Most would have taken their fortune and kicked back a bit, started enjoying early retirement. But not Kosta and Browne. Instead, the two superstar winemakers embraced their new partnership, not only raising the bar in the winery, but also taking full advantage of the investment firm’s deep pockets, seeking out the most prestigious and sought-after Pinot Noir vineyards on Sonoma’s chilly coastline.

In short order, Michael and Dan purchased or entered into long-term vineyard contracts with an All-Star roster of California Grand Cru Pinot Noir sites, including Kanzler, Gap’s Crown (the backbone of Kosta Browne’s 2011 Wine Spectator “Wine of the Year”), Pisoni in the Santa Lucia Highlands, and Keefer Ranch, Cohn, Giusti, and Koplen in Russian River.
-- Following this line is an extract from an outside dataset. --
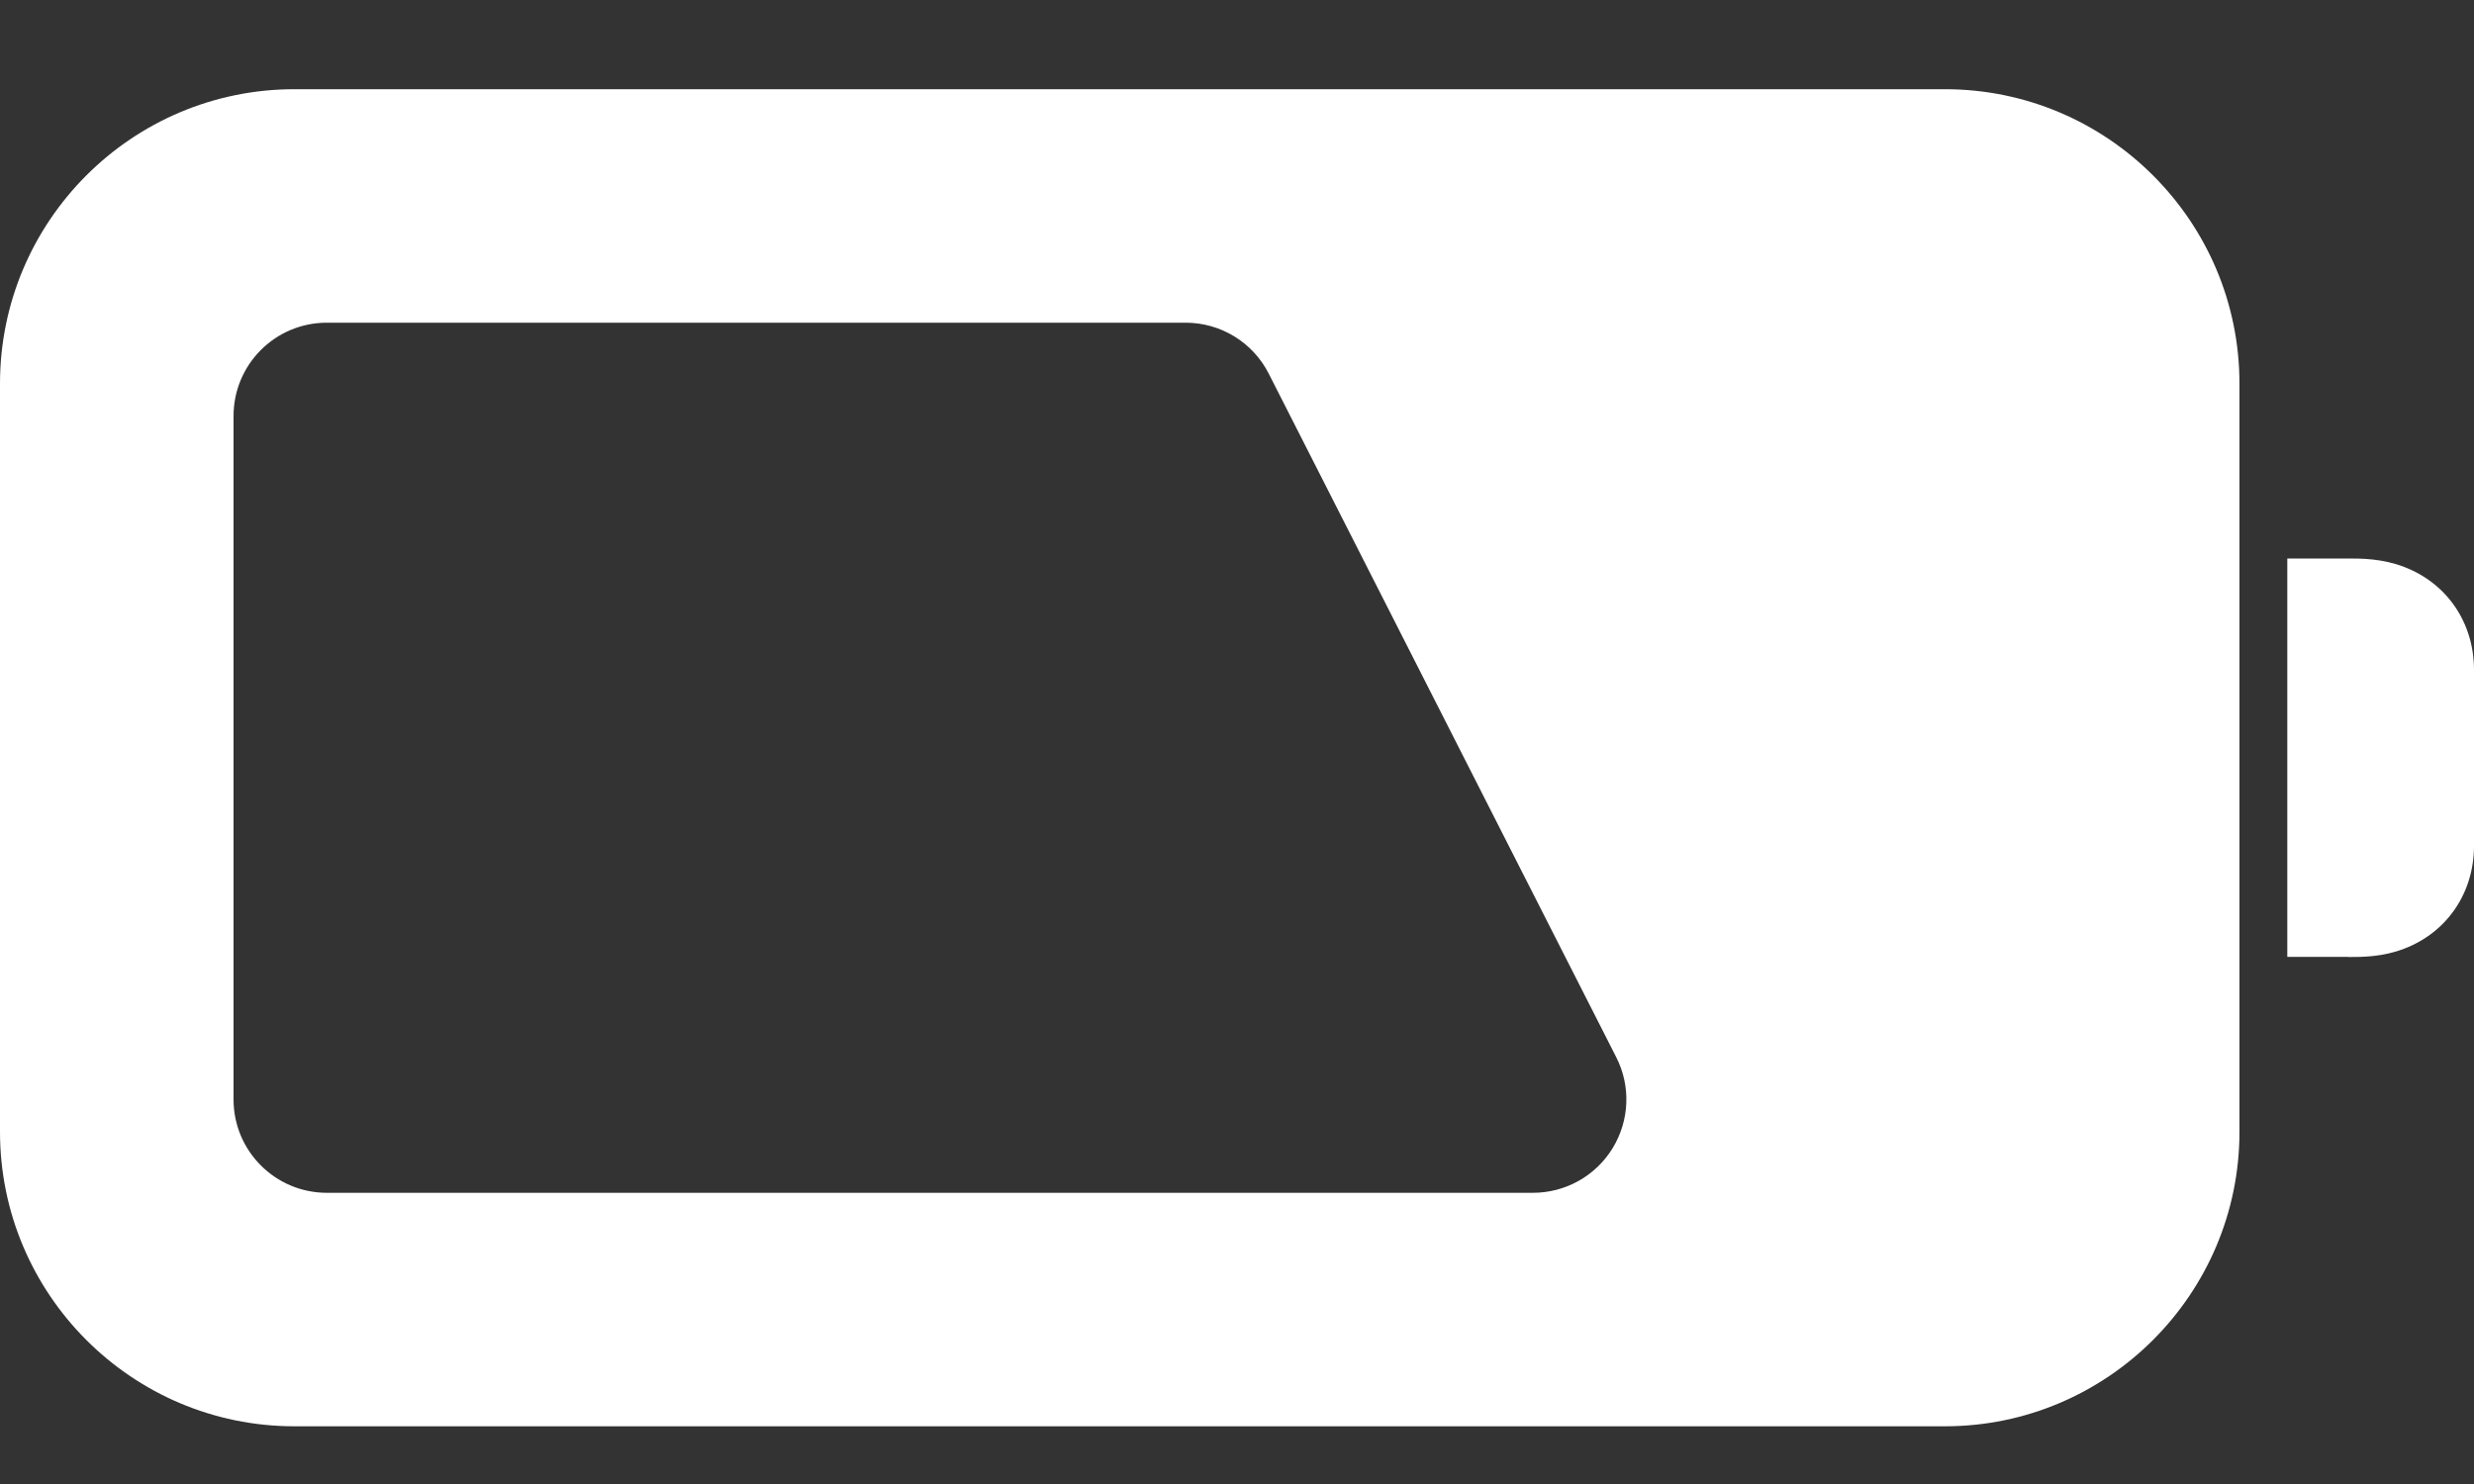 <svg width="15" height="9" viewBox="0 0 15 9" fill="none" xmlns="http://www.w3.org/2000/svg">
<rect x="0" y="0" width="15" height="9" fill="#333333" stroke="none"/>
<path fill-rule="evenodd" clip-rule="evenodd" d="M11.792 8.65H1.785C0.8 8.65 0 7.849 0 6.864V2.327C0 1.341 0.8 0.541 1.785 0.541H11.792C12.777 0.541 13.578 1.341 13.578 2.327V6.864C13.578 7.848 12.777 8.65 11.792 8.65ZM14.24 5.803H13.868V5.11V5.129V4.063V4.081V3.387H14.235C14.318 3.387 14.443 3.387 14.576 3.438C14.837 3.538 15 3.777 15 4.063V5.129C15 5.414 14.838 5.653 14.578 5.753C14.447 5.804 14.323 5.804 14.24 5.804L14.24 5.803ZM9.295 7.234H1.982C1.669 7.234 1.416 6.98 1.416 6.668V2.523C1.416 2.21 1.669 1.957 1.982 1.957H7.188C7.402 1.957 7.597 2.077 7.693 2.267L9.799 6.411C9.889 6.587 9.88 6.796 9.777 6.964C9.674 7.132 9.491 7.234 9.294 7.234L9.295 7.234Z" fill="white"/>
</svg>

But Peter Knez’s Cerise Vineyard, considered by many to be the most extreme and extraordinary Pinot Noir planting on one of the coast’s coldest perches, remained off-limits to Kosta Browne. That is, until the deal we learned about on August 5, 2016, when Wine Spectator broke the story that turned the heads of serious American Pinot Noir collectors from the Bay Area to Madison Avenue.

Finally, Kosta Browne had laid claim to the greatest Pinot Noir prize of all, acquiring Cerise Vineyard for an undisclosed sum.
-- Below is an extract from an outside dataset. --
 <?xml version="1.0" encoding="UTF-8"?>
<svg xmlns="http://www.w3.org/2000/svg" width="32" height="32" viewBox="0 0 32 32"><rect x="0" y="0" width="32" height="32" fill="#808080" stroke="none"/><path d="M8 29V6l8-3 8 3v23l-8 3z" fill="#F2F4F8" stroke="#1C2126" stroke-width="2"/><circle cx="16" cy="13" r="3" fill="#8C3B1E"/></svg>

Why was Kosta Browne so focused on this extraordinary land grab? When we first visited Cerise Vineyard in 2009, we wondered why Peter Knez ever believed that Pinot Noir would grow in such an unaccommodating locale. The vineyard sits among 800 acres of undulating hillsides, stretching up to 1,100 feet in elevation. Even in mid-summer, the winds off the Pacific keep daytime highs in the mid-70s. Foggy mornings and evenings slow down the maturation cycle, extending the growing season. Berry size is tiny, as are yields — rarely exceeding 1.5 tons per acre — making for prohibitively high farming costs.

Despite the daunting economics, Knez threw caution to the wind and pressed on, farming Cerise Vineyard fastidiously. Peter’s investment paid off in rave reviews from Parker, Tanzer, and Galloni for Knez single-vineyard Pinot Noirs and high-profile placements from The French Laundry to Le Bernardin.

2013 provided a picture-perfect script for Cerise Vineyard. Despite drought conditions and bright sunshine, temperatures remained mild. Chilly maritime winds refreshed and cleansed the vines. Clusters ripened slowly, sugars climbing incrementally as acids remained firm. When the call to harvest was made, skins were thick, but with no sign of desiccation. Berries were ultra-sweet, “loaded with sugar.” While finished alcohol came in at a modest 13.6%, pH remained firm at 3.5 — numbers far more akin to a warm year in Gevrey-Chambertin than the Sonoma Coast.

The 2013 Knez Pinot Noir “Cerise Vineyard” is gorgeous. Brilliant ruby to the rim, infused with mouthwatering aromas of black cherry, black raspberry, and violets, gently touched with new-wood cedar. Rich and juicy on the attack, filled with a voluptuous wild-berry mix of dark cherry, raspberry, wild strawberry, and blood orange, finishing with riveting cool-climate vibrancy and length.